Flash Player was originally released in the late 1990s as a browser-based plug-in for displaying simple vector-based graphics and animations. It quickly gained popularity with animators as it provided a rich, creative medium for displaying animations on the web, something that, at the time, was difficult if not impossible to do directly in the browser.

Over time, Flash Player added new features and functionality that greatly expanded what was possible within the player specifically, and on the web in general. Some of these features include:

Animation
Vector-based graphics
Audio (including MP3)
Video
Microphone and webcam access
Low-level bitmap manipulation
Binary-based sockets
Strongly typed, class-based programming language
Hardware-accelerated 2D and 3D content
As new features were added, designers and developers would create new types of content for the web, which in turn ensured that users continued to install and use Flash Player. This became a virtuous cycle. Developers could create new types of expressive content because Flash Player offered new features with a near-universal reach on the web. Flash Player maintained ubiquity as users continued to install Flash Player because it provided access to some of the most expressive content on the web.

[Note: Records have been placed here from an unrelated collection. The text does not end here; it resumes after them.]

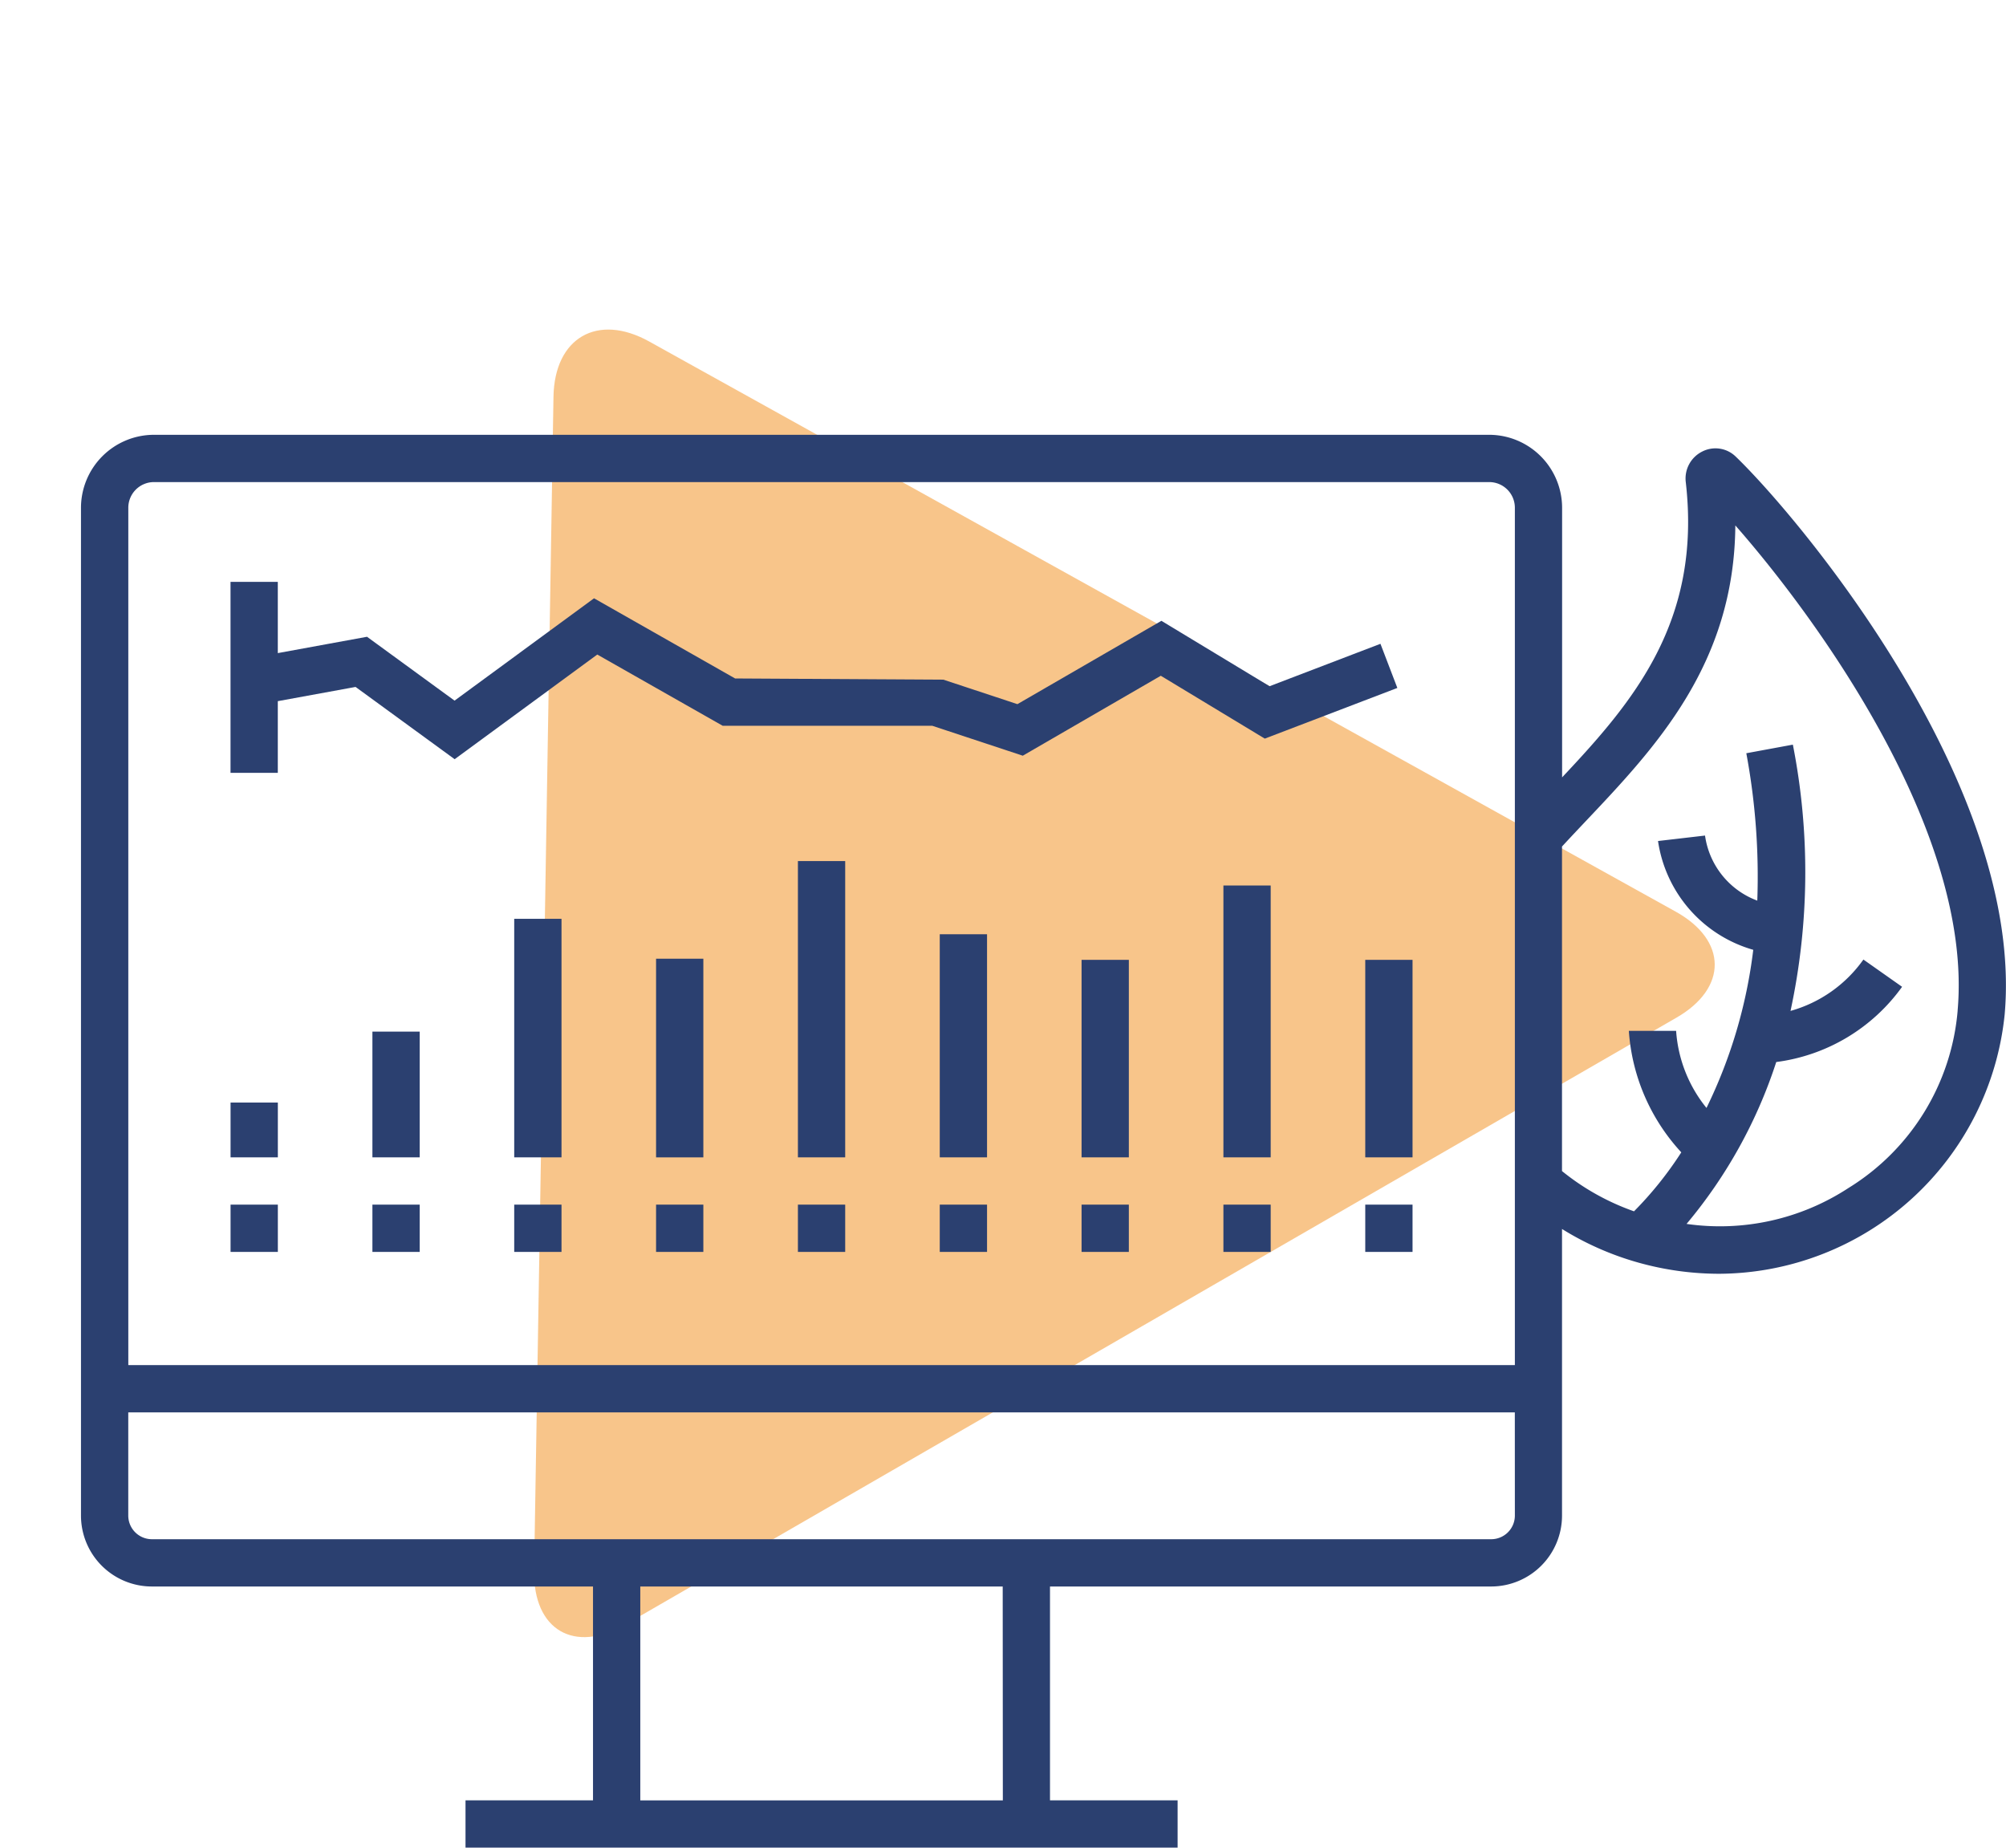 <svg xmlns="http://www.w3.org/2000/svg" width="93.337" height="85.966" viewBox="0 0 93.337 85.966">
  <g id="Groupe_1419" data-name="Groupe 1419" transform="translate(-36.232 0)">
    <path id="triangle_orange_50_" data-name="triangle orange 50%" d="M1431.943,1612.14c1.414-2.359,3.728-2.359,5.143,0l28.1,46.855c1.414,2.358.321,4.288-2.429,4.288h-56.478c-2.75,0-3.843-1.93-2.429-4.288Z" transform="translate(-1984.184 -661.722) rotate(-30)" fill="#f28c16" opacity="0.5"/>
    <g id="Groupe_1223" data-name="Groupe 1223" transform="translate(-865.313 -1385.556)">
      <path id="Tracé_997" data-name="Tracé 997" d="M982.306,1406.8a1.349,1.349,0,0,0-1.556-.236,1.4,1.4,0,0,0-.769,1.414c.75,6.5-2.455,10.244-5.753,13.747v-12.546a3.4,3.4,0,0,0-3.39-3.393H908.705a3.4,3.4,0,0,0-3.392,3.393v46.892a3.3,3.3,0,0,0,3.3,3.3h20.524v9.95h-5.932v2.2h33.133v-2.2H950.4v-9.95h20.524a3.3,3.3,0,0,0,3.3-3.3v-13.334a13.776,13.776,0,0,0,3.545,1.562,13.976,13.976,0,0,0,3.77.522,13.423,13.423,0,0,0,13.28-12.055C995.764,1422.108,985.191,1409.576,982.306,1406.8Zm-34.1,62.522H931.337v-9.95H948.2Zm23.824-13.251a1.1,1.1,0,0,1-1.1,1.1H908.613a1.1,1.1,0,0,1-1.1-1.1v-4.8h64.515Zm-64.515-7v-39.892a1.194,1.194,0,0,1,1.192-1.193h62.133a1.194,1.194,0,0,1,1.19,1.193v39.892Zm85.118-16.5a10.762,10.762,0,0,1-5.079,8.258,10.925,10.925,0,0,1-7.535,1.672,22.584,22.584,0,0,0,4.173-7.532,8.556,8.556,0,0,0,5.855-3.5l-1.8-1.268a6.2,6.2,0,0,1-3.391,2.39,30.7,30.7,0,0,0,.109-12.389l-2.166.4a31.289,31.289,0,0,1,.511,6.858,3.79,3.79,0,0,1-2.432-3.028l-2.187.254a6.2,6.2,0,0,0,4.431,5.062,23,23,0,0,1-2.176,7.357,6.376,6.376,0,0,1-1.413-3.587h-2.2a9.246,9.246,0,0,0,2.441,5.653,16.757,16.757,0,0,1-2.2,2.744,11.222,11.222,0,0,1-3.351-1.873v-15.1c.352-.382.714-.765,1.087-1.16,3.27-3.454,6.931-7.324,6.978-13.78C986.02,1414.247,993.364,1424.271,992.631,1432.573Z" fill="#2b4070"/>
      <path id="Tracé_998" data-name="Tracé 998" d="M966.562,1417.564l-.786-2.054-5.16,1.974-5.032-3.043-6.7,3.877-3.444-1.139-9.691-.056-6.564-3.73-6.49,4.761-4.073-2.971-4.151.76v-3.314h-2.2v8.885h2.2v-3.335l3.618-.662,4.611,3.363,6.636-4.87,5.833,3.313h9.75l4.215,1.394,6.422-3.72,4.838,2.925Z" fill="#2b4070"/>
      <rect id="Rectangle_4533" data-name="Rectangle 4533" width="2.2" height="2.2" transform="translate(912.273 1441.604)" fill="#2b4070"/>
      <rect id="Rectangle_4534" data-name="Rectangle 4534" width="2.2" height="2.2" transform="translate(918.873 1441.604)" fill="#2b4070"/>
      <rect id="Rectangle_4535" data-name="Rectangle 4535" width="2.2" height="2.549" transform="translate(912.273 1436.855)" fill="#2b4070"/>
      <rect id="Rectangle_4536" data-name="Rectangle 4536" width="2.2" height="5.85" transform="translate(918.873 1433.554)" fill="#2b4070"/>
      <rect id="Rectangle_4537" data-name="Rectangle 4537" width="2.2" height="2.2" transform="translate(932.071 1441.604)" fill="#2b4070"/>
      <rect id="Rectangle_4538" data-name="Rectangle 4538" width="2.2" height="2.2" transform="translate(938.671 1441.604)" fill="#2b4070"/>
      <rect id="Rectangle_4539" data-name="Rectangle 4539" width="2.2" height="11.098" transform="translate(925.471 1428.306)" fill="#2b4070"/>
      <rect id="Rectangle_4540" data-name="Rectangle 4540" width="2.2" height="9.243" transform="translate(932.071 1430.162)" fill="#2b4070"/>
      <rect id="Rectangle_4541" data-name="Rectangle 4541" width="2.2" height="13.785" transform="translate(938.671 1425.619)" fill="#2b4070"/>
      <rect id="Rectangle_4542" data-name="Rectangle 4542" width="2.2" height="2.2" transform="translate(945.271 1441.604)" fill="#2b4070"/>
      <rect id="Rectangle_4543" data-name="Rectangle 4543" width="2.2" height="2.2" transform="translate(958.469 1441.604)" fill="#2b4070"/>
      <rect id="Rectangle_4544" data-name="Rectangle 4544" width="2.2" height="10.38" transform="translate(945.271 1429.024)" fill="#2b4070"/>
      <rect id="Rectangle_4545" data-name="Rectangle 4545" width="2.2" height="9.189" transform="translate(951.869 1430.215)" fill="#2b4070"/>
      <rect id="Rectangle_4546" data-name="Rectangle 4546" width="2.2" height="12.648" transform="translate(958.469 1426.756)" fill="#2b4070"/>
      <rect id="Rectangle_4547" data-name="Rectangle 4547" width="2.2" height="2.2" transform="translate(965.069 1441.604)" fill="#2b4070"/>
      <rect id="Rectangle_4548" data-name="Rectangle 4548" width="2.2" height="9.189" transform="translate(965.069 1430.215)" fill="#2b4070"/>
      <rect id="Rectangle_4549" data-name="Rectangle 4549" width="2.2" height="2.2" transform="translate(925.471 1441.604)" fill="#2b4070"/>
      <rect id="Rectangle_4550" data-name="Rectangle 4550" width="2.2" height="2.2" transform="translate(951.869 1441.604)" fill="#2b4070"/>
    </g>
  </g>
</svg>

In 2008, Adobe released a desktop runtime that contained the core Flash runtime functionality. Named Adobe AIR, the runtime allowed developers and designers to create and deployed Flash based content as stand-alone applications, initially on desktop operating systems and more recently as native applications on mobile devices.

Flash Player "Next"
Over the past decade, Adobe has played an active role in the development of languages and virtual machines for web-based development. This includes the development and deployment of a number of virtual machines and languages via Flash Player, as well as active contributions and leadership to ECMAScript / JavaScript language drafts and specifications (including the current "Harmony"). Adobe maintains a world-class engineering team focused solely on next-generation virtual machine and language developments for web and multimedia runtimes.

Previous iterations of this document laid out a roadmap for exploratory virtual machine and language innovations from Adobe to be pursued via a rearchitected Flash Player (referred to as Flash Player "Next" and ActionScript "Next"). However, by its nature, this type of architectural innovation is disruptive and generally not backwards-compatible. As Adobe has learned in the past from transitions between generations of virtual machines (from ActionScript 2 to ActionScript 3), this places a high burden on developers who want to take advantage of features and APIs which may only be available via the new runtime, or which may require significant porting of content, frameworks, and libraries. Given this, as well as the growing importance of browser-based virtual machines, Adobe will focus its future Flash Player development on top of the existing Flash Player architecture and virtual machine, and not on a completely new virtual machine and architecture (Flash Player "Next") as was previously planned. At the same time, Adobe plans to continue its next-generation virtual machine and language work as part of the larger web community doing such work on web-based virtual machines.